And then down here let's swap in DreamShaper, which is a fine-tuned um model based off of Stable Diffusion 1.5. Um, so this one is while where Stable Diffusion XL Pro is um, more optimized for just quick generation, I think this one is going to generate a more uh a better quality image for us. And it's specifically better for kind of like more art and illustrator styles. So I've changed some of the parameters in it. It's going to have a few more um, inference steps to it. We're going to set that to 25. Height and width 10 by 24, that's fine. And let's just send the same request again. And let's see what happens. What's different?

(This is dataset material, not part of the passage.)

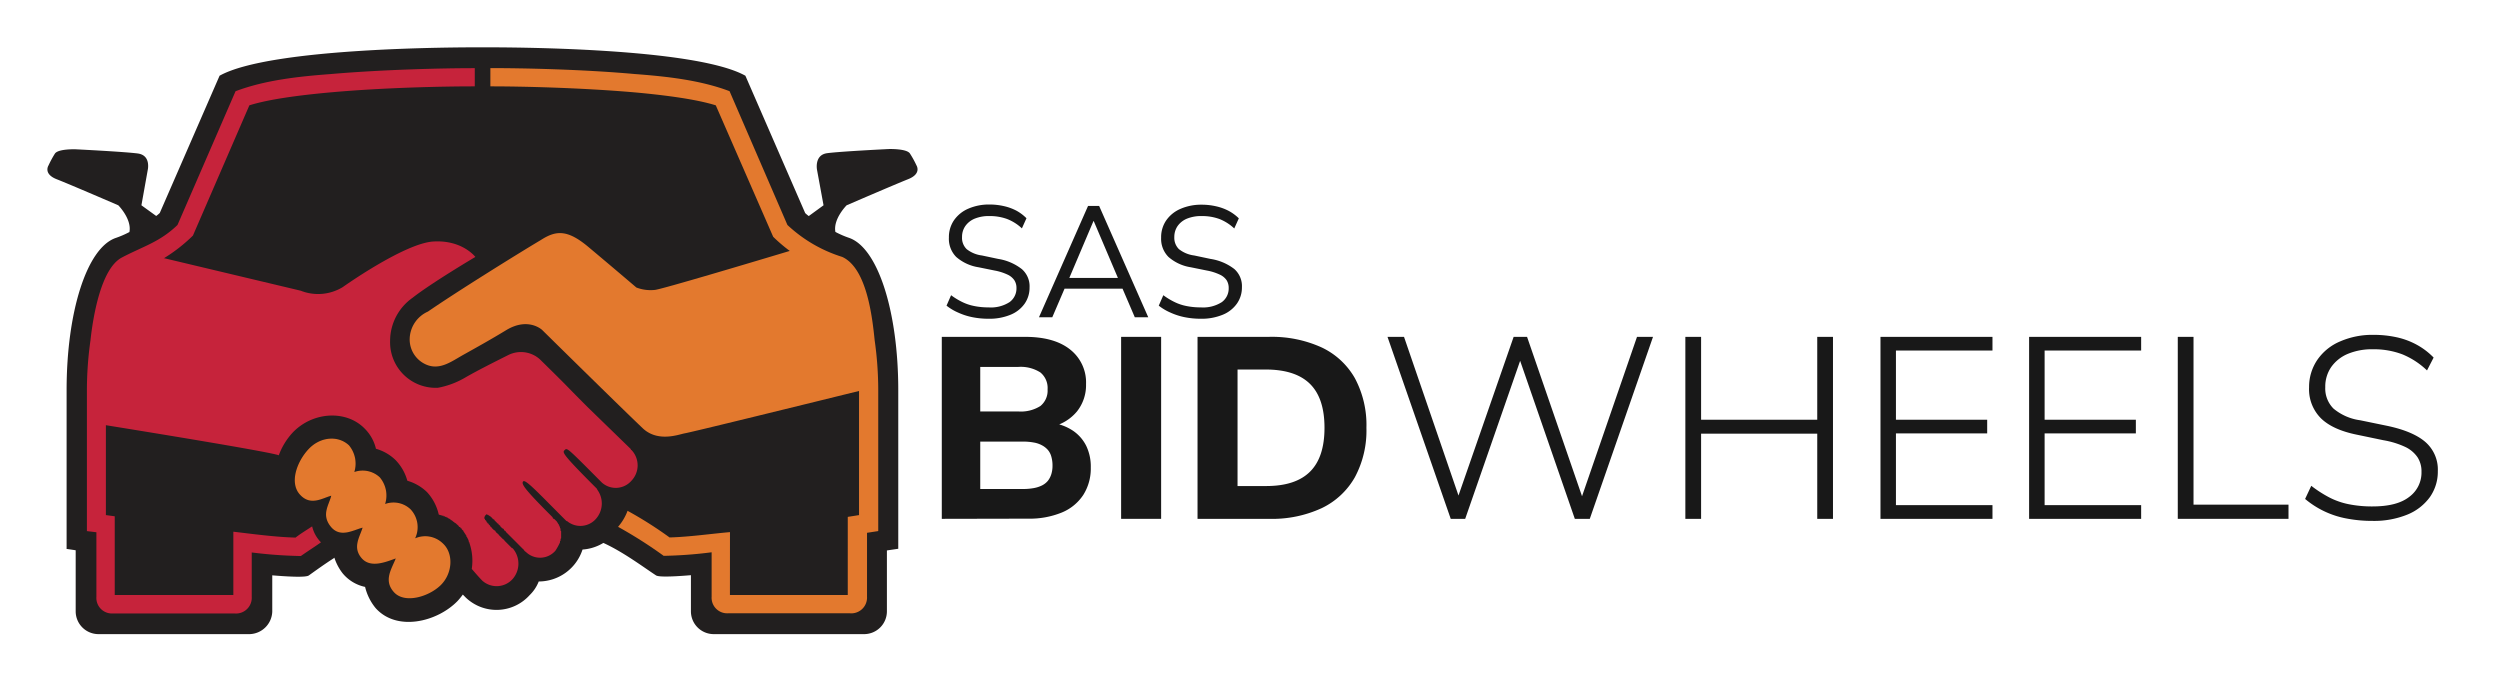 <svg id="Layer_1" data-name="Layer 1" xmlns="http://www.w3.org/2000/svg" viewBox="0 0 548 153"><defs><style>.cls-1{fill:#181818;}.cls-2{fill:#221f1f;}.cls-2,.cls-5,.cls-6,.cls-7{fill-rule:evenodd;}.cls-3,.cls-7{fill:#c6233b;}.cls-4,.cls-6{fill:#e3792e;}.cls-5{fill:#161516;}</style></defs><path class="cls-1" d="M206.44,113.73V73.84h18.27q6.39,0,9.87,2.78a9.15,9.15,0,0,1,3.48,7.58,9.24,9.24,0,0,1-2,6,9.92,9.92,0,0,1-5.54,3.34v-.85a10.9,10.9,0,0,1,4.64,1.7,8.67,8.67,0,0,1,2.94,3.34,10.45,10.45,0,0,1,1,4.75,10.82,10.82,0,0,1-1.64,6,10.33,10.33,0,0,1-4.75,3.88,18.6,18.6,0,0,1-7.36,1.33Zm8.43-23.54h8.31A8,8,0,0,0,228.05,89a4.33,4.33,0,0,0,1.58-3.65,4.4,4.4,0,0,0-1.58-3.71,8,8,0,0,0-4.87-1.21h-8.31Zm0,17h9.33a13.05,13.05,0,0,0,2.4-.2,6.71,6.71,0,0,0,1.82-.59,4.06,4.06,0,0,0,1.27-1,4.57,4.57,0,0,0,.76-1.47,6.2,6.2,0,0,0,.26-1.84,6.92,6.92,0,0,0-.26-2,3.8,3.8,0,0,0-.76-1.47,4.6,4.6,0,0,0-1.27-1A5.82,5.82,0,0,0,226.6,97a12.23,12.23,0,0,0-2.4-.2h-9.33Z"/><path class="cls-1" d="M245.75,113.73V73.84h8.77v39.89Z"/><path class="cls-1" d="M262.5,113.73V73.84h15.62a26.34,26.34,0,0,1,11.59,2.32A16.43,16.43,0,0,1,297,82.92a21.7,21.7,0,0,1,2.52,10.84A21.63,21.63,0,0,1,297,104.59a16.55,16.55,0,0,1-7.27,6.79,25.91,25.91,0,0,1-11.59,2.35Zm8.77-7.19h6.28q6.45,0,9.62-3.16t3.16-9.62q0-6.45-3.16-9.59T277.55,81h-6.28Z"/><path class="cls-1" d="M318,113.73,304.14,73.84h3.62l12.84,37.4h-1.81l13-37.4h2.94l12.9,37.4h-1.7l12.9-37.4h3.51l-13.86,39.89h-3.28L332.65,77.46h1.13l-12.61,36.27Z"/><path class="cls-1" d="M369.43,113.73V73.84h3.45V92h25.46V73.84h3.45v39.89h-3.45V95.06H372.88v18.67Z"/><path class="cls-1" d="M412.2,113.73V73.84h24.55v3H415.59V92h20v3h-20v15.73h21.16v3Z"/><path class="cls-1" d="M444.78,113.73V73.84h24.56v3H448.18V92h20v3h-20v15.73h21.16v3Z"/><path class="cls-1" d="M477.37,113.73V73.84h3.45v36.78h20.82v3.11Z"/><path class="cls-1" d="M520.08,114.18a29.54,29.54,0,0,1-5.8-.54,19.65,19.65,0,0,1-9-4.27l1.35-2.88a26.67,26.67,0,0,0,3.94,2.54,16.19,16.19,0,0,0,4.3,1.5,25.83,25.83,0,0,0,5.17.48c3.59,0,6.27-.69,8.06-2.09a6.59,6.59,0,0,0,2.69-5.49,5.66,5.66,0,0,0-.85-3.17A6.76,6.76,0,0,0,527.3,98a18.63,18.63,0,0,0-4.84-1.5l-5.71-1.19q-5.39-1.07-8-3.62a9,9,0,0,1-2.6-6.79A10.54,10.54,0,0,1,508,78.82a11.47,11.47,0,0,1,5-4,17.66,17.66,0,0,1,7.27-1.42,23.37,23.37,0,0,1,5.12.54,16.43,16.43,0,0,1,4.44,1.67,15.4,15.4,0,0,1,3.62,2.77L532,81.2a17.22,17.22,0,0,0-5.43-3.54,17.62,17.62,0,0,0-6.39-1.1,13.77,13.77,0,0,0-5.52,1A8.41,8.41,0,0,0,511,80.46a7.53,7.53,0,0,0-1.3,4.42,6.21,6.21,0,0,0,1.81,4.69,11.52,11.52,0,0,0,5.83,2.55l5.77,1.19q5.72,1.18,8.48,3.53a8,8,0,0,1,2.78,6.42,9.67,9.67,0,0,1-1.73,5.69,11.36,11.36,0,0,1-4.95,3.85A19.34,19.34,0,0,1,520.08,114.18Z"/><path class="cls-1" d="M216.69,69.87a17.75,17.75,0,0,1-3.58-.35,14.07,14.07,0,0,1-3.08-1A11.34,11.34,0,0,1,207.48,67l1-2.29a15.17,15.17,0,0,0,2.4,1.47,10.5,10.5,0,0,0,2.67.9,15.33,15.33,0,0,0,3.13.3,7.55,7.55,0,0,0,4.62-1.16,3.69,3.69,0,0,0,1.51-3.07,3.07,3.07,0,0,0-.47-1.73,3.66,3.66,0,0,0-1.52-1.24,11.45,11.45,0,0,0-2.75-.87l-3.6-.73a9.71,9.71,0,0,1-4.87-2.26A5.64,5.64,0,0,1,208,52.07a6.52,6.52,0,0,1,1.13-3.81,7.32,7.32,0,0,1,3.15-2.53,11.27,11.27,0,0,1,4.62-.9,13.88,13.88,0,0,1,3.15.35,11.14,11.14,0,0,1,2.75,1A9.51,9.51,0,0,1,225,47.84l-1,2.22A10,10,0,0,0,220.74,48a11,11,0,0,0-3.87-.64,8.18,8.18,0,0,0-3.17.55,4.7,4.7,0,0,0-2.08,1.61,4.12,4.12,0,0,0-.74,2.44,3.44,3.44,0,0,0,1,2.64A6.72,6.72,0,0,0,215.24,56l3.6.76A11.23,11.23,0,0,1,224,59a5,5,0,0,1,1.68,4,6.13,6.13,0,0,1-1.09,3.58A7,7,0,0,1,221.49,69,12.1,12.1,0,0,1,216.69,69.87Z"/><path class="cls-1" d="M227.74,69.55,238.5,45.14h2.43L251.7,69.55h-2.95l-3-7,1.39.73H232.24l1.42-.73-3,7Zm11.94-21.08-5.57,13.12-.83-.66h12.81l-.76.66-5.58-13.12Z"/><path class="cls-1" d="M263.23,69.87a17.85,17.85,0,0,1-3.59-.35,14.25,14.25,0,0,1-3.08-1A11.5,11.5,0,0,1,254,67l1-2.29a15.25,15.25,0,0,0,2.41,1.47,10.42,10.42,0,0,0,2.66.9,15.36,15.36,0,0,0,3.14.3,7.59,7.59,0,0,0,4.62-1.16,3.7,3.7,0,0,0,1.5-3.07,3.15,3.15,0,0,0-.46-1.73,3.63,3.63,0,0,0-1.53-1.24,11.3,11.3,0,0,0-2.75-.87l-3.6-.73a9.67,9.67,0,0,1-4.86-2.26,5.61,5.61,0,0,1-1.61-4.21,6.51,6.51,0,0,1,1.12-3.81,7.32,7.32,0,0,1,3.15-2.53,11.27,11.27,0,0,1,4.62-.9,13.88,13.88,0,0,1,3.15.35,11.22,11.22,0,0,1,2.76,1,9.66,9.66,0,0,1,2.23,1.64l-1,2.22A10.14,10.14,0,0,0,267.28,48a11.08,11.08,0,0,0-3.88-.64,8.25,8.25,0,0,0-3.17.55,4.7,4.7,0,0,0-2.08,1.61,4.19,4.19,0,0,0-.74,2.44,3.48,3.48,0,0,0,1,2.64A6.72,6.72,0,0,0,261.77,56l3.6.76a11.32,11.32,0,0,1,5.18,2.2,5,5,0,0,1,1.68,4,6.13,6.13,0,0,1-1.09,3.58A7.08,7.08,0,0,1,268,69,12.09,12.09,0,0,1,263.23,69.87Z"/><path class="cls-2" d="M144.7,104.21a9.11,9.11,0,0,1-2.47,4.68,9.67,9.67,0,0,1-5.19,3,10.23,10.23,0,0,1-2.6,5.32,10.07,10.07,0,0,1-6.75,3.25,10.12,10.12,0,0,1-9.6,7,8.43,8.43,0,0,1-2,3,9.76,9.76,0,0,1-14,.52l-.64-.65a15.24,15.24,0,0,1-1.17,1.43c-4.42,4.54-13.24,6.75-17.92,1.56a11.49,11.49,0,0,1-2.33-4.67,8.69,8.69,0,0,1-4.94-3,11.2,11.2,0,0,1-1.94-3.89,8.17,8.17,0,0,1-4.8-3.12,9.15,9.15,0,0,1-1.95-3.89,8.75,8.75,0,0,1-4.67-3l-.39-.39L103.94,95Z"/><path class="cls-2" d="M156.38,115.25h33.1a4.93,4.93,0,0,1,4.93,4.93v13.89a5,5,0,0,1-4.93,4.93h-33.1a5,5,0,0,1-4.93-4.93V120.18a4.92,4.92,0,0,1,4.93-4.93Z"/><path class="cls-2" d="M21.52,115.25H54.75a5,5,0,0,1,4.93,4.93v13.89A5.11,5.11,0,0,1,54.75,139H21.52a5,5,0,0,1-4.93-4.93V120.18a4.92,4.92,0,0,1,4.93-4.93Z"/><path class="cls-2" d="M177.28,47.36,180.52,45l-1.43-7.78s-.64-3.25,2.21-3.64,13.5-.91,13.5-.91,4-.13,4.67,1a21.49,21.49,0,0,1,1.43,2.6s1.17,1.81-1.82,3S185.58,45,185.58,45s-3,3-2.46,5.84a20.62,20.62,0,0,0,3,1.3c6.36,2.21,10.78,16.23,10.78,33.36v34.79s-50.49,7.53-53.09,5.84S136.65,121,132.24,119h-53c-4.41,1.95-9,5.32-11.55,7.14s-53.22-5.84-53.22-5.84h.13V85.52c0-17.13,4.41-31.15,10.77-33.36a20.74,20.74,0,0,0,3-1.3C28.92,48,25.93,45,25.93,45s-10.51-4.54-13.5-5.71-1.81-3-1.81-3A22.3,22.3,0,0,1,12,33.73c.65-1.17,4.68-1,4.68-1s10.51.52,13.5.91,2.2,3.64,2.2,3.64L31,45l3.24,2.34a8,8,0,0,0,.78-.65L48.13,16.6c11.16-6.23,52.18-6.23,57.63-6.23s46.47,0,57.63,6.23L176.5,46.71a8,8,0,0,0,.78.65Z"/><path class="cls-3" d="M104.07,18.93c-6.88,0-19.73.26-31.41,1.3-7.27.65-13.89,1.56-18,2.86L42.29,51.64A35.48,35.48,0,0,1,28.4,60.08c-3.12,2.86-4.15,11.16-4.67,15.06a91,91,0,0,0-.52,10.38v27.39l1.94.26v17.26h26V116.55c4.42.51,9,1.16,13.63,1.29,1.17-.91,2.47-1.68,3.64-2.46a7.43,7.43,0,0,0,1.94,3.5c-1.42,1-3,2-4.41,3a100,100,0,0,1-10.77-.78v9.73a3.45,3.45,0,0,1-3.77,3.64H24.76a3.41,3.41,0,0,1-3.63-3.64V116.67l-2.08-.25V85.52a78.23,78.23,0,0,1,.78-10.9c.52-4.8,2.21-15.71,6.88-18.17s8.31-3.38,12.2-7.14L51.63,20c6.49-2.46,13.89-3.24,20.77-3.76,11.55-1,24.66-1.3,31.67-1.3Z"/><path class="cls-4" d="M160,130.43h25.83V113.3l2.47-.39V85.52a91,91,0,0,0-.52-10.38c-.52-3.9-1.56-12.2-4.67-15.06a33.9,33.9,0,0,1-13.63-8.18L156.9,23.09c-4.15-1.3-10.77-2.21-18-2.86-11.68-1-24.54-1.3-31.41-1.3v-4c7,0,20.11.26,31.67,1.3,6.88.52,14.27,1.3,20.76,3.76L172.6,49.31a31,31,0,0,0,12,7c5.45,2.46,6.62,13.37,7.13,18.3a78.23,78.23,0,0,1,.78,10.9v30.9l-2.46.38v14a3.45,3.45,0,0,1-3.77,3.64H159.62a3.41,3.41,0,0,1-3.63-3.64v-9.73a95.26,95.26,0,0,1-10.51.78,98.23,98.23,0,0,0-10-6.36,11.41,11.41,0,0,0,2.08-3.51,86.24,86.24,0,0,1,9.21,5.84c4.42-.13,8.83-.78,13.24-1.17Z"/><path class="cls-5" d="M96.93,119H79.28a9,9,0,0,0-1,.39,18.16,18.16,0,0,1,1.17-3.77c-2.08.53-4.93,2.34-7-.25s-.39-4.68.13-6.75c-2,.52-4.67,2.33-6.88-.26s-.65-7.4,1.95-10,6.49-3,8.82-.78a6.25,6.25,0,0,1,1.17,5.84,5.5,5.5,0,0,1,5.58,1.17,6.18,6.18,0,0,1,1.17,5.84,5.42,5.42,0,0,1,5.58,1.17A5.72,5.72,0,0,1,91,118a5.51,5.51,0,0,1,6,1Z"/><path class="cls-6" d="M191.68,84.87c-15.83,3.9-40.62,10-41.66,10.13-1.3.26-5.71,1.94-9-1-4.8-4.54-22.19-21.68-22.19-21.68s-3-2.85-7.79,0c-3.63,2.21-6.88,4-9.47,5.45s-5.07,3.38-8,2.21a6,6,0,0,1-3.77-5.58,6.72,6.72,0,0,1,4-6.1c6.23-4.29,19.34-12.46,24.79-15.71,3.24-2.07,5.71-2.33,10.25,1.43,5.58,4.67,10.65,9,10.65,9a8.7,8.7,0,0,0,4.15.52c2.21-.39,18.82-5.33,33.49-9.74A33.86,33.86,0,0,0,184.42,57c1.94.77,4,6.1,4.54,7.78,2.08,6.23,2.72,13.63,2.72,20.12Z"/><path class="cls-7" d="M138.34,98.5l-9.48-9.21c-6.1-6.1-2.85-3-10.51-10.52a6.2,6.2,0,0,0-7-.91c-2.86,1.43-6.49,3.25-9.22,4.81A18.44,18.44,0,0,1,96,85,10,10,0,0,1,85.51,74.75a11.58,11.58,0,0,1,4.93-9.48C94.6,62,104.2,56.32,104.2,56.32s-2.86-3.77-9.22-3.38-19.86,10-19.86,10a10.37,10.37,0,0,1-9.21.78L31,55.41l-.39.26c-1.17.52-2.34.91-3.51,1.3-2,.77-4,6.1-4.54,7.78-2.08,6.49-2.73,14-2.73,20.77v7.14c17,2.73,39.72,6.49,41.28,7.14a14.9,14.9,0,0,1,3-4.93c4.42-4.68,11.81-5.06,15.84-.91a9.23,9.23,0,0,1,2.46,4.41,10.08,10.08,0,0,1,4.29,2.47,10.52,10.52,0,0,1,2.59,4.54,10.28,10.28,0,0,1,4.29,2.47,10.66,10.66,0,0,1,2.59,4.93c.26.13.52.13.78.26h.26v.13h.26l.13.13h.26v.13h.26v.13h.13l.13.13h.13l.13.13h.13V114H99v.13h.13l.13.13h0l.13.13h.13v.13h.13l.13.13h.13v.13h.13v.13h.13V115h.13v.13h.13v.13h.13v.13l.13.13h.13l.13.12v.14h.12l.14.12h0V116h0l.12.13h0l.14.12h0l.13.14h0v.13h0l.13.12h0v.13h.13v.13h0l.12.13h0v.13h.13v.13h0l.13.13h0v.13h0v.13h.13c0,.13,0,.13.13.26h0v.13h0l.13.13v.13h0v.13h.13v.26h0v.13h.13V119a12,12,0,0,1,.52,5.71h0c.13.13,1.43,1.69,2.34,2.6a4.71,4.71,0,0,0,6.62-.39,5.13,5.13,0,0,0,0-6.75c-.13,0-.13,0-.26-.13h0l-1-1-.26-.26h0l-.26-.26h0l-.13-.26h-.13l-.13-.13h0l-.26-.26h0l-.13-.13-.13-.13-.13-.13h0l-.13-.13-.13-.13v-.13h-.13l-.13-.13v-.13h-.13l-.13-.13-.13-.12v-.13l-.13-.14h-.13v-.12h-.12l-.13-.13h0l-.13-.14h0l-.14-.12h0l-.12-.14v-.12h-.13c-.13-.13-.13-.26-.26-.39l-.13-.13h0l-.13-.13h0v-.13h-.13l-.13-.13h0v-.13h-.13v-.13h0l-.13-.13h0v-.13h-.13V114h0a.13.13,0,0,1-.13-.13h0v-.13h-.13v-.13h0v-.13h0v-.13h0v-.13h.13V113h.13v-.13h.13v-.13h.26v.13h.26V113h.13l.13.13h.13v.13h.13v.13h.13l.12.13h0v.13H108l.13.13h0l.13.13h.12v.13l.13.13.13.13h0l.13.13h0l.13.13h0l.13.13h0l.13.13h.13V115l.26.13v.13h.13v.13l.13.13h0l.13.12.13.14h0l.26.12.13.14v.13l.13.12h0l.26.14v.13l.13.12h0l.39.39h0l.26.26h0l.26.26h0l.13.13.13.13.13.13.13.13.13.13.26.26.13.13.13.13.13.13.13.13,1.29,1.3a.13.13,0,0,1,.13.13c.13.13.26.39.52.52a4.45,4.45,0,0,0,6.49-.26,13,13,0,0,0,1-1.82h0v-.26h0c.13-.13.13-.13.13-.26h0v-.13h0v-.13h0L123,118h0v-.39h0v-.13h0v-.13h0v-.13h0v-.13h0v-.13h0v-.13h0v-.13h0v-.12h0v-.13h0l-.13-.14h0v-.12h0V116h0v-.14h0l-.13-.12h0v-.14h0v-.12h0l-.13-.13h0v-.13h0l-.13-.13h0V115h0v-.13h-.13c0-.13,0-.13-.13-.26h0v-.13h-.13v-.13h0l-.13-.13h0l-.13-.13h0l-.13-.13h0c-.13-.13-.26-.26-.39-.26s-.12-.26-.25-.39c-6.11-6.1-6.88-7.27-6.37-7.79s3.38,2.6,9.48,8.7h.13a4.54,4.54,0,0,0,6.36-.52,5.08,5.08,0,0,0,.26-6.36.45.45,0,0,0-.13-.26c-7.79-7.79-7.53-7.92-7-8.44s.52-.52,8,7l.13.13a4.56,4.56,0,0,0,6.49-.39,4.87,4.87,0,0,0,0-6.75c-.13,0-.13,0-.13-.13Z"/><path class="cls-6" d="M91,118a5.72,5.72,0,0,0-1-6.36,5.42,5.42,0,0,0-5.58-1.17,6.18,6.18,0,0,0-1.17-5.84,5.5,5.5,0,0,0-5.58-1.17,6.25,6.25,0,0,0-1.17-5.84c-2.33-2.2-6.23-1.94-8.82.78s-4.29,7.4-1.95,10,4.93.78,6.88.26c-.52,2.07-2.21,4.15-.13,6.75s4.93.78,7,.25c-.65,2.08-2.21,4.29-.26,6.63s5.32.9,7.53.12c-.91,2.34-2.73,4.81-.39,7.4s7.66,1,10.25-1.55,2.86-6.88.52-9.09A5.52,5.52,0,0,0,91,118Z"/></svg>

So again, what made this really fast is instead of making a code change, committing it, rebuilding my Docker, uploading it somewhere, and then allocating GPU infrastructure, all of this is happening right here from my IDE and I never have to leave. This is good, right, guys? We like this one? Okay. So one more one last thing that I'm just going to show you guys to round things out is I think where um, using a developer tool like Flash makes a big difference is when you're trying to um not just like make one single call to one model. It's It's all about all the orchestration code around it, right?

So I have here a pipeline that I've pre-prepared. Um, and what it's going to do is instead of me generating and writing out every prompt, um, it's going to send a request to Gwen that's already hosted on a public endpoint. Um, and Gwen is Gwen 3 is going to generate all the prompts for me. Um, and then after that it's going to send that to our um, DreamShaper running on our endpoint. And then um, after that there's one more pipeline that it goes through. It's going to send the request to Nano Banana 2, which is a premium Google model that's really good at composing photos together.

Um, and I'm hoping that I can compose some cool pictures of our founders and I can send them to them after this demo is done. Okay. Um Now let's run the whole pipeline here. Check. Okay. Prompt two men walking in London on a It is cloudy today. Cloudy day close-up of their faces. Um, any other requests for these two men? Um, how do they look? Like are they doing something? Glasses, yeah. Okay. Two men with glasses close-up of their faces. Okay, and let's generate. Let's generate three of those and let's compose it together. Okay. So So how does it work in terms of pricing? Pricing, sure.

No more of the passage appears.